--- Problem details ---
Exact copies of the lines below are the goal; any images in them are dropped.

(Recorded data)

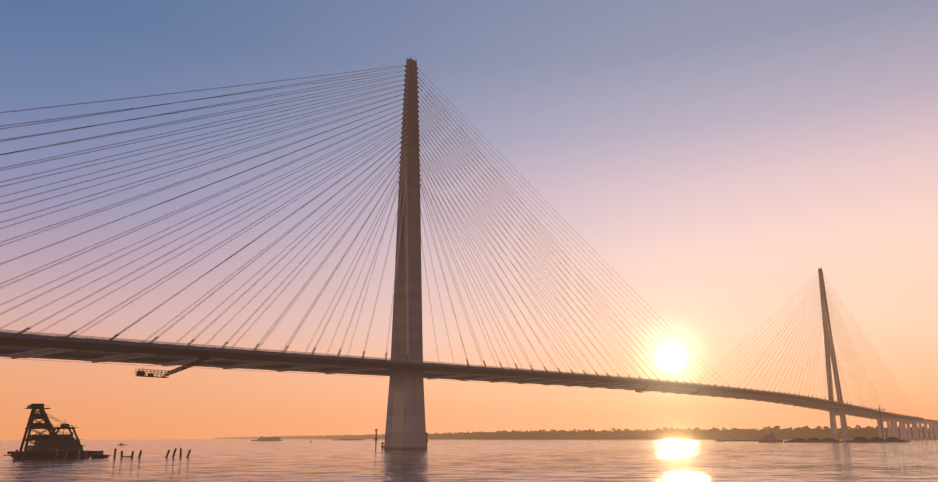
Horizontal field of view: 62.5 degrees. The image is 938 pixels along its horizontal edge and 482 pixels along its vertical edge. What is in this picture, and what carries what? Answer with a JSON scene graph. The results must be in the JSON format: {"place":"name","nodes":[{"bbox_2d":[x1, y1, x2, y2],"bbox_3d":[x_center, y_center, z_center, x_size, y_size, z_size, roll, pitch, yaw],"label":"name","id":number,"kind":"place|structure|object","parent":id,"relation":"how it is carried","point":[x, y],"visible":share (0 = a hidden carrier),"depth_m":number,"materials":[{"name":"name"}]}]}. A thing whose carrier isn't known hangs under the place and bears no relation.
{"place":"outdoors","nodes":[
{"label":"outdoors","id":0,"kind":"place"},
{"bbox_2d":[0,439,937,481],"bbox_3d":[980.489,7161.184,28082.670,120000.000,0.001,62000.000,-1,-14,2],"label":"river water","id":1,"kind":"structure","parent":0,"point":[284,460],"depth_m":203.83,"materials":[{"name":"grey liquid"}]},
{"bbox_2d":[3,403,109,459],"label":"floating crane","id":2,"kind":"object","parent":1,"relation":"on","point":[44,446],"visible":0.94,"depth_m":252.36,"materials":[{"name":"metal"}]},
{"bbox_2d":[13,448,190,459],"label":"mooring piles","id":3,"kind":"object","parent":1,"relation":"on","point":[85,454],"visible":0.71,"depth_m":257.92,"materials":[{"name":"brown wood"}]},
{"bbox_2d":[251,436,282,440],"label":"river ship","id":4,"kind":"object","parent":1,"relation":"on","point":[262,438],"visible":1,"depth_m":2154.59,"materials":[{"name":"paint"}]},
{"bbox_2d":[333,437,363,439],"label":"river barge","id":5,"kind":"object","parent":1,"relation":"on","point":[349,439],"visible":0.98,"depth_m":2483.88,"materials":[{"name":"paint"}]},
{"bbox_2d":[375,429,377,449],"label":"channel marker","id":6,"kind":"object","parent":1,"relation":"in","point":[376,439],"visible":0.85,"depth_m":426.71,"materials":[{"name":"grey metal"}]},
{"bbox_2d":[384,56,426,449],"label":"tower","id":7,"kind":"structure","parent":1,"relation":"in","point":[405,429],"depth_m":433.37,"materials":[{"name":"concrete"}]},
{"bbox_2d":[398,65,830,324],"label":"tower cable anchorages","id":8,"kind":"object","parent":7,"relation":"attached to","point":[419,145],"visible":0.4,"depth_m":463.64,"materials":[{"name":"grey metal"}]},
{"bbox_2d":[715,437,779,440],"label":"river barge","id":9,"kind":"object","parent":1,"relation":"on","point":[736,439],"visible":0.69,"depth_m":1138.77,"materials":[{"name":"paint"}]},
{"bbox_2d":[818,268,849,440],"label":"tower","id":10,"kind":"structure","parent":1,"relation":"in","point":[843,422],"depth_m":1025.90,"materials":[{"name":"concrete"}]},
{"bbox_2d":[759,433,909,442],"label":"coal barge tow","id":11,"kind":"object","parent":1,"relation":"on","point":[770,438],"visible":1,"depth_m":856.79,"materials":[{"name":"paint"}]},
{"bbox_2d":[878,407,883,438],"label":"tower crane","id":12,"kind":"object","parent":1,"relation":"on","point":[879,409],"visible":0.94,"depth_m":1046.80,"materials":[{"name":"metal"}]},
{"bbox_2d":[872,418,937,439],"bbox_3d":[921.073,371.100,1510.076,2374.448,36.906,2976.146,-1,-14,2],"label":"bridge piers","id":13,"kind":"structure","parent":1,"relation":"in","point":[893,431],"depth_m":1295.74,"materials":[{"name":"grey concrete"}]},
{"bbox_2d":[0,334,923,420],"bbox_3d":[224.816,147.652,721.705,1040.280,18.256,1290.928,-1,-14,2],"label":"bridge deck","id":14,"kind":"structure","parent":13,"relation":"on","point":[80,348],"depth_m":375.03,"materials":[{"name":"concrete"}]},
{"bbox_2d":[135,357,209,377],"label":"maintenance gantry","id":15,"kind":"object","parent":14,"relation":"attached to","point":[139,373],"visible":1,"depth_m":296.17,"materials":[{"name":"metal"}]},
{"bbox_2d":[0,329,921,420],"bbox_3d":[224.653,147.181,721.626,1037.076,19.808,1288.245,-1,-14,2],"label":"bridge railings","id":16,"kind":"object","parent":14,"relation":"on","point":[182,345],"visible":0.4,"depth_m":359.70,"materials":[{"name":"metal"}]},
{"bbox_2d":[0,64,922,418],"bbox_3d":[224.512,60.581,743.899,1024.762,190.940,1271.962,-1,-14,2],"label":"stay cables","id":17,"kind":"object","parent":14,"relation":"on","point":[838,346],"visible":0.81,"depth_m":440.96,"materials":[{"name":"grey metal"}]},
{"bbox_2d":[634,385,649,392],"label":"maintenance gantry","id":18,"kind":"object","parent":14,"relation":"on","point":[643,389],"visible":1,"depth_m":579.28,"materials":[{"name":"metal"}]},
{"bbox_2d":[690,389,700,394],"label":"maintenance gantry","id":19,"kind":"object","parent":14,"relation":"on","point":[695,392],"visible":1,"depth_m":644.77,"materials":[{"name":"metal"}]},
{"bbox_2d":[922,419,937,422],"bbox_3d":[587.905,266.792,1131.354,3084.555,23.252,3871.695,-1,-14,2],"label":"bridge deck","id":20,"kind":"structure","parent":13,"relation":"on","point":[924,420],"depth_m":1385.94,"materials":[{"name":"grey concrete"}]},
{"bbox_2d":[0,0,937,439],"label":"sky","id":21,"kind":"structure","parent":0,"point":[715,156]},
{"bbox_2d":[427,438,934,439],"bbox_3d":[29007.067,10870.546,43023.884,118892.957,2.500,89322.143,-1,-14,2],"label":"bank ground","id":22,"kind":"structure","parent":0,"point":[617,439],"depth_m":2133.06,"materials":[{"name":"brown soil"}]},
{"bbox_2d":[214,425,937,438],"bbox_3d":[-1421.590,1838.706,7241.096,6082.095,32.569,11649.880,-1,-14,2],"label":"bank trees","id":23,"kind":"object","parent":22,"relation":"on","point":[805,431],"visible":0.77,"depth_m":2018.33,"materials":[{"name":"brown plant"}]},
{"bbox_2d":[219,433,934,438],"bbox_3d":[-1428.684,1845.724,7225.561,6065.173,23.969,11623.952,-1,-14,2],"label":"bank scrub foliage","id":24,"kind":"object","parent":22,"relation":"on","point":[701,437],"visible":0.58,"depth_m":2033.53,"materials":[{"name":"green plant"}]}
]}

--- Written reply ---
Horizontal field of view: 62.5 degrees. The image is 938 pixels along its horizontal edge and 482 pixels along its vertical edge. What is in this picture, and what carries what? Answer with a JSON scene graph. The results must be in the JSON format: {"place":"name","nodes":[{"bbox_2d":[x1, y1, x2, y2],"bbox_3d":[x_center, y_center, z_center, x_size, y_size, z_size, roll, pitch, yaw],"label":"name","id":number,"kind":"place|structure|object","parent":id,"relation":"how it is carried","point":[x, y],"visible":share (0 = a hidden carrier),"depth_m":number,"materials":[{"name":"name"}]}]}. A thing whose carrier isn't known hangs under the place and bears no relation.
{"place":"outdoors","nodes":[
{"label":"outdoors","id":0,"kind":"place"},
{"bbox_2d":[0,439,937,481],"bbox_3d":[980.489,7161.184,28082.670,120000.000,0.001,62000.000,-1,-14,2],"label":"river water","id":1,"kind":"structure","parent":0,"point":[284,460],"depth_m":203.83,"materials":[{"name":"grey liquid"}]},
{"bbox_2d":[3,403,109,459],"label":"floating crane","id":2,"kind":"object","parent":1,"relation":"on","point":[44,446],"visible":0.94,"depth_m":252.36,"materials":[{"name":"metal"}]},
{"bbox_2d":[13,448,190,459],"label":"mooring piles","id":3,"kind":"object","parent":1,"relation":"on","point":[85,454],"visible":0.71,"depth_m":257.92,"materials":[{"name":"brown wood"}]},
{"bbox_2d":[251,436,282,440],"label":"river ship","id":4,"kind":"object","parent":1,"relation":"on","point":[262,438],"visible":1,"depth_m":2154.59,"materials":[{"name":"paint"}]},
{"bbox_2d":[333,437,363,439],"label":"river barge","id":5,"kind":"object","parent":1,"relation":"on","point":[349,439],"visible":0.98,"depth_m":2483.88,"materials":[{"name":"paint"}]},
{"bbox_2d":[375,429,377,449],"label":"channel marker","id":6,"kind":"object","parent":1,"relation":"in","point":[376,439],"visible":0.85,"depth_m":426.71,"materials":[{"name":"grey metal"}]},
{"bbox_2d":[384,56,426,449],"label":"tower","id":7,"kind":"structure","parent":1,"relation":"in","point":[405,429],"depth_m":433.37,"materials":[{"name":"concrete"}]},
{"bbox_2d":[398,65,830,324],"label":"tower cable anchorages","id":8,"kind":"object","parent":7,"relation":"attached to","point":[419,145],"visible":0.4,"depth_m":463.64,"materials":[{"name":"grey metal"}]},
{"bbox_2d":[715,437,779,440],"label":"river barge","id":9,"kind":"object","parent":1,"relation":"on","point":[736,439],"visible":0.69,"depth_m":1138.77,"materials":[{"name":"paint"}]},
{"bbox_2d":[818,268,849,440],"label":"tower","id":10,"kind":"structure","parent":1,"relation":"in","point":[843,422],"depth_m":1025.90,"materials":[{"name":"concrete"}]},
{"bbox_2d":[759,433,909,442],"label":"coal barge tow","id":11,"kind":"object","parent":1,"relation":"on","point":[770,438],"visible":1,"depth_m":856.79,"materials":[{"name":"paint"}]},
{"bbox_2d":[878,407,883,438],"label":"tower crane","id":12,"kind":"object","parent":1,"relation":"on","point":[879,409],"visible":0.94,"depth_m":1046.80,"materials":[{"name":"metal"}]},
{"bbox_2d":[872,418,937,439],"bbox_3d":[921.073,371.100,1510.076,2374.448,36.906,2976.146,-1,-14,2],"label":"bridge piers","id":13,"kind":"structure","parent":1,"relation":"in","point":[893,431],"depth_m":1295.74,"materials":[{"name":"grey concrete"}]},
{"bbox_2d":[0,334,923,420],"bbox_3d":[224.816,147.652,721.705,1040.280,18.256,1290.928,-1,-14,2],"label":"bridge deck","id":14,"kind":"structure","parent":13,"relation":"on","point":[80,348],"depth_m":375.03,"materials":[{"name":"concrete"}]},
{"bbox_2d":[135,357,209,377],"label":"maintenance gantry","id":15,"kind":"object","parent":14,"relation":"attached to","point":[139,373],"visible":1,"depth_m":296.17,"materials":[{"name":"metal"}]},
{"bbox_2d":[0,329,921,420],"bbox_3d":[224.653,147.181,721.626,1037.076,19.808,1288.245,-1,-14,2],"label":"bridge railings","id":16,"kind":"object","parent":14,"relation":"on","point":[182,345],"visible":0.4,"depth_m":359.70,"materials":[{"name":"metal"}]},
{"bbox_2d":[0,64,922,418],"bbox_3d":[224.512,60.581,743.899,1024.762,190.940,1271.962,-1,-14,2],"label":"stay cables","id":17,"kind":"object","parent":14,"relation":"on","point":[838,346],"visible":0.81,"depth_m":440.96,"materials":[{"name":"grey metal"}]},
{"bbox_2d":[634,385,649,392],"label":"maintenance gantry","id":18,"kind":"object","parent":14,"relation":"on","point":[643,389],"visible":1,"depth_m":579.28,"materials":[{"name":"metal"}]},
{"bbox_2d":[690,389,700,394],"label":"maintenance gantry","id":19,"kind":"object","parent":14,"relation":"on","point":[695,392],"visible":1,"depth_m":644.77,"materials":[{"name":"metal"}]},
{"bbox_2d":[922,419,937,422],"bbox_3d":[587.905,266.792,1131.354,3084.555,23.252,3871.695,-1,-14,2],"label":"bridge deck","id":20,"kind":"structure","parent":13,"relation":"on","point":[924,420],"depth_m":1385.94,"materials":[{"name":"grey concrete"}]},
{"bbox_2d":[0,0,937,439],"label":"sky","id":21,"kind":"structure","parent":0,"point":[715,156]},
{"bbox_2d":[427,438,934,439],"bbox_3d":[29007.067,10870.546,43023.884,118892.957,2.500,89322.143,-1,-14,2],"label":"bank ground","id":22,"kind":"structure","parent":0,"point":[617,439],"depth_m":2133.06,"materials":[{"name":"brown soil"}]},
{"bbox_2d":[214,425,937,438],"bbox_3d":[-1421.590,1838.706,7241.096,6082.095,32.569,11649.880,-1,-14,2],"label":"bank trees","id":23,"kind":"object","parent":22,"relation":"on","point":[805,431],"visible":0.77,"depth_m":2018.33,"materials":[{"name":"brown plant"}]},
{"bbox_2d":[219,433,934,438],"bbox_3d":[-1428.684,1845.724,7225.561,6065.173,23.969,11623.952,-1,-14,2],"label":"bank scrub foliage","id":24,"kind":"object","parent":22,"relation":"on","point":[701,437],"visible":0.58,"depth_m":2033.53,"materials":[{"name":"green plant"}]}
]}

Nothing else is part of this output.